### EXERCISE REQUIREMENTS:
Leaving out the pictures, retype the lines from the beginning of the listing through the line containing "#2848=DIRECTION('',(0.,0.,1.));".

### RECORDS TO USE:

::::

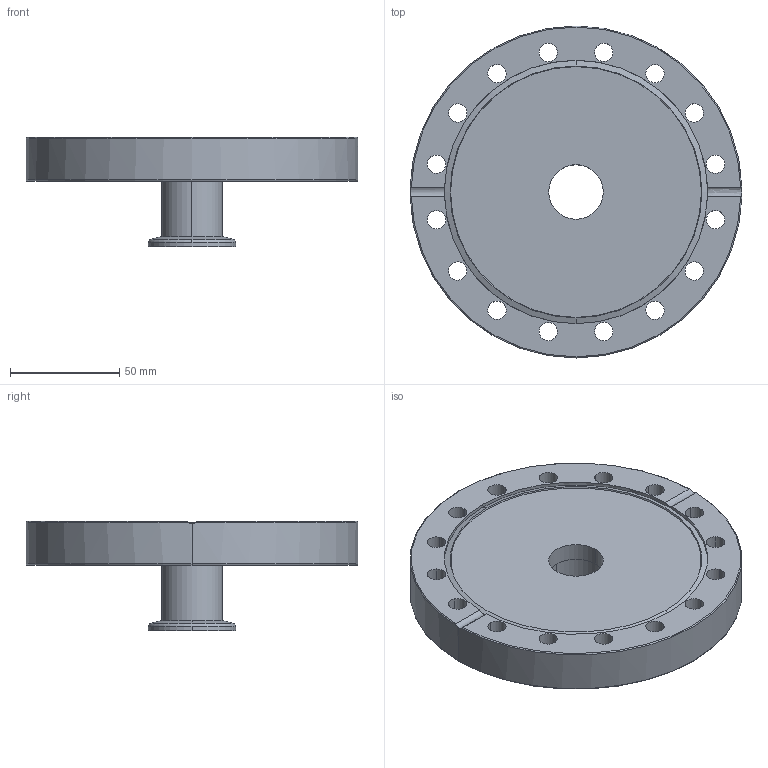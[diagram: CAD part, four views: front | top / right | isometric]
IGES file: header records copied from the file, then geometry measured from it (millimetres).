
Global section: file name: No Iges File Name specified; native system: AutoDesk Inventor R12.0; preprocessor: AutoDesk Inventor Iges Exporter R12.0; date: 20090415.144433; units: millimetre
Bounding box: 152 x 152 x 50 mm (x, y, z)
Volume: 328238.4 mm3; surface area: 62406.4 mm2
Topology: 3 solids, 3 shells, 78 faces, 203 edges, 133 vertices
Faces by surface type: bspline 43, revolution 11, plane 8, cylinder 6, torus 6, cone 4
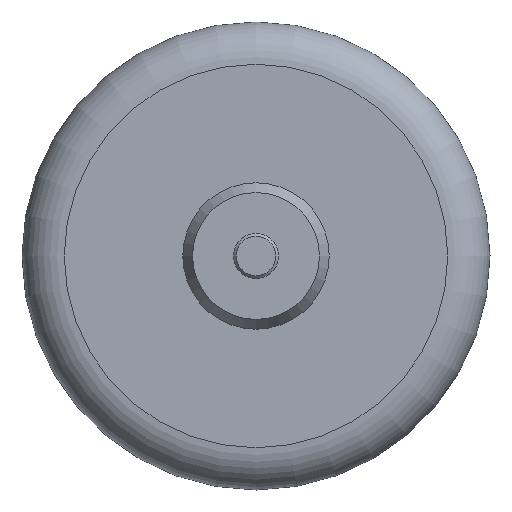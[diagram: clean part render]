
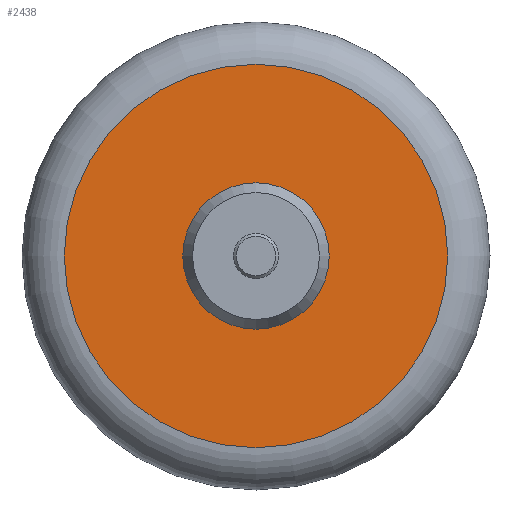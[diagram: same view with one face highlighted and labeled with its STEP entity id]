
A CAD part, front view. The second image highlights one B-rep face of the part: STEP entity #2438.
In plain terms, the highlighted planar face has unit normal (0, -1, 0).
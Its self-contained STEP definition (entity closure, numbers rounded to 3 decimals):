
#29=CIRCLE('',#2546,25.964);
#30=CIRCLE('',#2547,68.);
#273=ORIENTED_EDGE('',*,*,#803,.T.);
#274=ORIENTED_EDGE('',*,*,#804,.T.);
#803=EDGE_CURVE('',#1068,#1068,#29,.T.);
#804=EDGE_CURVE('',#1069,#1069,#30,.F.);
#1068=VERTEX_POINT('',#3479);
#1069=VERTEX_POINT('',#3481);
#1477=EDGE_LOOP('',(#273));
#1478=EDGE_LOOP('',(#274));
#1591=FACE_BOUND('',#1477,.T.);
#1592=FACE_BOUND('',#1478,.T.);
#1703=PLANE('',#2545);
#2438=ADVANCED_FACE('',(#1591,#1592),#1703,.F.);
#2545=AXIS2_PLACEMENT_3D('',#3477,#2843,#2844);
#2546=AXIS2_PLACEMENT_3D('',#3478,#2845,#2846);
#2547=AXIS2_PLACEMENT_3D('',#3480,#2847,#2848);
#2843=DIRECTION('',(0.,1.,0.));
#2844=DIRECTION('',(0.,0.,1.));
#2845=DIRECTION('',(0.,1.,0.));
#2846=DIRECTION('',(0.,0.,1.));
#2847=DIRECTION('',(0.,1.,0.));
#2848=DIRECTION('',(0.,0.,1.));
#3477=CARTESIAN_POINT('',(0.,0.,0.));
#3478=CARTESIAN_POINT('',(0.,0.,0.));
#3479=CARTESIAN_POINT('',(0.,0.,25.964));
#3480=CARTESIAN_POINT('',(0.,0.,0.));
#3481=CARTESIAN_POINT('',(0.,0.,68.));
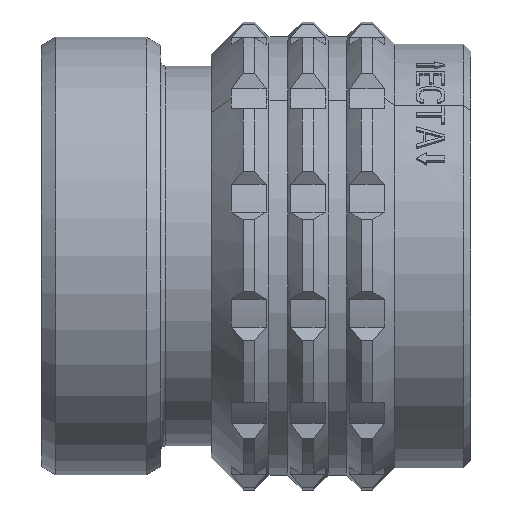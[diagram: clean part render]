
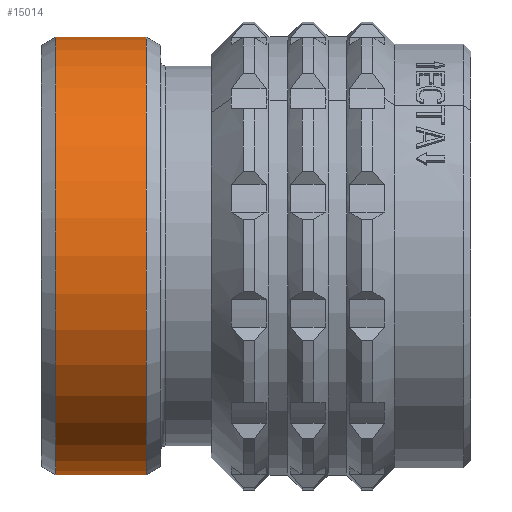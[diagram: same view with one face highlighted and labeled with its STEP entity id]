
A CAD part, top view. The second image highlights one B-rep face of the part: STEP entity #15014.
In plain terms, the highlighted cylindrical face has radius 15.175 mm (diameter 30.35 mm), a partial arc.
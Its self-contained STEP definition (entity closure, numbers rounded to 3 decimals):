
#136=CARTESIAN_POINT('',(1.,0.,0.));
#137=DIRECTION('',(1.,0.,0.));
#138=DIRECTION('',(0.,1.,0.));
#139=AXIS2_PLACEMENT_3D('',#136,#137,#138);
#141=CARTESIAN_POINT('',(7.3,0.,0.));
#142=DIRECTION('',(1.,0.,0.));
#143=DIRECTION('',(0.,1.,0.));
#144=AXIS2_PLACEMENT_3D('',#141,#142,#143);
#146=DIRECTION('',(-1.,0.,0.));
#147=VECTOR('',#146,6.3);
#148=CARTESIAN_POINT('',(7.3,15.175,0.));
#149=LINE('1629',#148,#147);
#150=DIRECTION('',(-1.,0.,0.));
#151=VECTOR('',#150,6.3);
#152=CARTESIAN_POINT('',(7.3,-15.175,0.));
#153=LINE('1635',#152,#151);
#13048=CARTESIAN_POINT('',(7.3,15.175,0.));
#13050=VERTEX_POINT('',#13048);
#13051=CARTESIAN_POINT('',(1.,15.175,0.));
#13052=VERTEX_POINT('',#13051);
#13060=CARTESIAN_POINT('',(7.3,-15.175,0.));
#13062=VERTEX_POINT('',#13060);
#13063=CARTESIAN_POINT('',(1.,-15.175,0.));
#13064=VERTEX_POINT('',#13063);
#15000=CARTESIAN_POINT('',(-1.49,0.,0.));
#15001=DIRECTION('',(1.,0.,0.));
#15002=DIRECTION('',(0.,-1.,0.));
#15003=AXIS2_PLACEMENT_3D('',#15000,#15001,#15002);
#15004=CYLINDRICAL_SURFACE('277',#15003,15.175);
#15006=ORIENTED_EDGE('1629',*,*,#15005,.F.);
#15008=ORIENTED_EDGE('1648',*,*,#15007,.T.);
#15010=ORIENTED_EDGE('1635',*,*,#15009,.T.);
#15011=ORIENTED_EDGE('1649',*,*,#14986,.F.);
#15012=EDGE_LOOP('277',(#15006,#15008,#15010,#15011));
#15013=FACE_OUTER_BOUND('277',#15012,.F.);
#140=CIRCLE('1649',#139,15.175);
#145=CIRCLE('1648',#144,15.175);
#14986=EDGE_CURVE('1649',#13052,#13064,#140,.T.);
#15005=EDGE_CURVE('1629',#13050,#13052,#149,.T.);
#15007=EDGE_CURVE('1648',#13050,#13062,#145,.T.);
#15009=EDGE_CURVE('1635',#13062,#13064,#153,.T.);
#15014=ADVANCED_FACE('277',(#15013),#15004,.T.);

::::

### RESULT FOR THIS TASK:
[diagram: CAD part, four views: front | top / right | isometric]
IGES file: header records copied from the file, then geometry measured from it (millimetres).
Global section: file name: No Iges File Name specified; native system: AutoDesk Inventor R12.0; preprocessor: AutoDesk Inventor Iges Exporter R12.0; date: 20090415.144433; units: millimetre
Bounding box: 152 x 152 x 50 mm (x, y, z)
Volume: 328238.4 mm3; surface area: 62406.4 mm2
Topology: 3 solids, 3 shells, 78 faces, 203 edges, 133 vertices
Faces by surface type: bspline 43, revolution 11, plane 8, cylinder 6, torus 6, cone 4
[diagram: clean part render]
[diagram: same view with one face highlighted and labeled with its STEP entity id]
A CAD part, front view. The second image highlights one B-rep face of the part: STEP entity #2438.
In plain terms, the highlighted planar face has unit normal (0, -1, 0).
Its self-contained STEP definition (entity closure, numbers rounded to 3 decimals):
#29=CIRCLE('',#2546,25.964);
#30=CIRCLE('',#2547,68.);
#273=ORIENTED_EDGE('',*,*,#803,.T.);
#274=ORIENTED_EDGE('',*,*,#804,.T.);
#803=EDGE_CURVE('',#1068,#1068,#29,.T.);
#804=EDGE_CURVE('',#1069,#1069,#30,.F.);
#1068=VERTEX_POINT('',#3479);
#1069=VERTEX_POINT('',#3481);
#1477=EDGE_LOOP('',(#273));
#1478=EDGE_LOOP('',(#274));
#1591=FACE_BOUND('',#1477,.T.);
#1592=FACE_BOUND('',#1478,.T.);
#1703=PLANE('',#2545);
#2438=ADVANCED_FACE('',(#1591,#1592),#1703,.F.);
#2545=AXIS2_PLACEMENT_3D('',#3477,#2843,#2844);
#2546=AXIS2_PLACEMENT_3D('',#3478,#2845,#2846);
#2547=AXIS2_PLACEMENT_3D('',#3480,#2847,#2848);
#2843=DIRECTION('',(0.,1.,0.));
#2844=DIRECTION('',(0.,0.,1.));
#2845=DIRECTION('',(0.,1.,0.));
#2846=DIRECTION('',(0.,0.,1.));
#2847=DIRECTION('',(0.,1.,0.));
#2848=DIRECTION('',(0.,0.,1.));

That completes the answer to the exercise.